C’est ainsi que nous nous séparâmes pour avertir nos comparses de la situation. Je tentais de garder un air nonchalant pour ne pas éveiller les soupçons des marins qui travaillaient autour de nous et persuadais mes interlocuteurs de faire de même. Je répétais les paroles de Georges à trois petits groupes des nôtres avant de me diriger vers le pont arrière, d’où provenaient des cris menaçants. Les gens s’étaient formés en cercle autour de deux personnes que je ne parvenais pas à distinguer mais dont je captais tout de même les voix.


-          Puisque je te le dis ! s’éleva une voix railleuse.

-          Je m’en moque ! C’est au capitaine de décider ! Répondit l’autre avec agacement.


Une dizaine des nôtres entouraient les protagonistes tandis que Woak, le géant à la peau sombre, et Jef le mousse se tenaient prêts à intervenir.


-          Regarde-les donc ! Ne vois-tu pas ces vêtements ? Ces choses bizarres qu’ils traînent avec eux ? s’emporta Ulak, que je distinguais à présent.

-          Ça ne veut rien dire.
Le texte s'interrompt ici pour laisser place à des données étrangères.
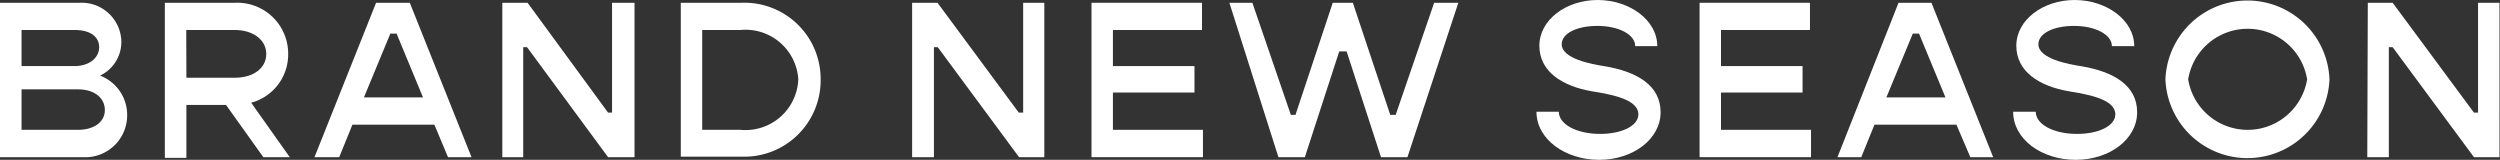 <svg xmlns="http://www.w3.org/2000/svg" viewBox="0 0 18.912 1.209"><rect x="0" y="0" width="18.912" height="1.209" fill="#333333" stroke="none"/><defs><style>.cls-1{fill:#fff;}</style></defs><g id="レイヤー_2" data-name="レイヤー 2"><g id="text"><path class="cls-1" d="M.962.872a.317.317,0,0,1-.335.317H0V.021H.605A.3.3,0,0,1,.918.315.282.282,0,0,1,.757.572.318.318,0,0,1,.962.872ZM.163.227V.5h.4C.672.5.75.44.75.357S.677.227.567.227Zm.63.606C.793.738.711.676.59.676H.163V.982H.59C.711.982.793.923.793.833Z"/><path class="cls-1" d="M1.71.794h-.3v.4H1.247V.021H1.78a.385.385,0,0,1,.4.387A.378.378,0,0,1,1.9.777l.292.412h-.2Zm-.3-.206h.366c.142,0,.238-.073.238-.18s-.1-.181-.238-.181H1.409Z"/><path class="cls-1" d="M3.286.943h-.62l-.1.246H2.379L2.845.021H3.1l.467,1.168H3.389ZM3.2.737,3,.254H2.953l-.2.483Z"/><path class="cls-1" d="M3.8.021h.191L4.6.852h.03V.021H4.8V1.189H4.6L3.987.357H3.958v.832H3.8Z"/><path class="cls-1" d="M6.208.6a.578.578,0,0,1-.6.585H5.15V.021h.458A.577.577,0,0,1,6.208.6ZM6.039.6A.4.4,0,0,0,5.6.227H5.312V.982H5.6A.4.4,0,0,0,6.039.6Z"/><path class="cls-1" d="M6.9.021h.192l.615.831H7.74V.021H7.9V1.189H7.709L7.094.357H7.065v.832H6.9Z"/><path class="cls-1" d="M9.1.982v.207H8.257V.021h.836V.227H8.419V.5h.617V.7H8.419V.982Z"/><path class="cls-1" d="M9.3.021h.174l.291.848H9.8l.282-.848h.152l.283.848h.041l.291-.848h.183l-.385,1.168h-.2l-.26-.8h-.056l-.26.8h-.2Z"/><path class="cls-1" d="M11.623.845h.169c0,.095.134.168.313.168.159,0,.289-.059.289-.148,0-.113-.2-.15-.349-.174-.229-.039-.4-.151-.4-.345s.2-.346.441-.346.451.152.451.349H12.37c0-.086-.121-.153-.287-.153-.15,0-.269.054-.269.139,0,.109.226.151.325.166.245.041.423.145.423.348s-.208.36-.465.36S11.623,1.053,11.623.845Z"/><path class="cls-1" d="M13.7.982v.207h-.843V.021h.835V.227h-.673V.5h.617V.7h-.617V.982Z"/><path class="cls-1" d="M14.8.943h-.62l-.1.246H13.9L14.362.021h.249l.467,1.168h-.173ZM14.717.737l-.2-.483H14.47l-.2.483Z"/><path class="cls-1" d="M15.229.845H15.4c0,.095.133.168.313.168.159,0,.289-.059.289-.148,0-.113-.2-.15-.349-.174-.229-.039-.4-.151-.4-.345s.2-.346.441-.346.451.152.451.349h-.169c0-.086-.122-.153-.288-.153-.15,0-.268.054-.268.139,0,.109.226.151.325.166.244.041.422.145.422.348s-.207.36-.465.36S15.229,1.053,15.229.845Z"/><path class="cls-1" d="M16.381.6a.621.621,0,0,1,1.241,0,.621.621,0,0,1-1.241,0Zm1.072,0a.456.456,0,0,0-.9,0,.456.456,0,0,0,.9,0Z"/><path class="cls-1" d="M17.912.021H18.1l.615.831h.031V.021h.162V1.189h-.193L18.1.357h-.029v.832h-.163Z"/></g></g></svg>

Tous les colons ont des vêtements différents des nôtres et transportent des objets que nous ne connaissons pas, répondit l’officier Nireb avec conviction.

-          Tous, oui ! Mais les vieux vêtements des Terriens sont les mêmes que ceux de ces gens ! renchérit Ulak en pointant la foule qui l’entourait.


Mon sang ne fit qu’un tour avant de s’évaporer. Ulak savait. Le jour précédent, il avait demandé à Georges de quel monde nous provenions et ce dernier lui avait répondu en toute franchise. J’avais presque oublié que le second n’était pas le seul matelot au courant de nos origines. Mira savait, elle aussi. Elle nous avait pourtant laissé vivre à bord de son navire… jusqu’à présent. Pourquoi diable Ulak faisait-il un esclandre pareil aujourd’hui ?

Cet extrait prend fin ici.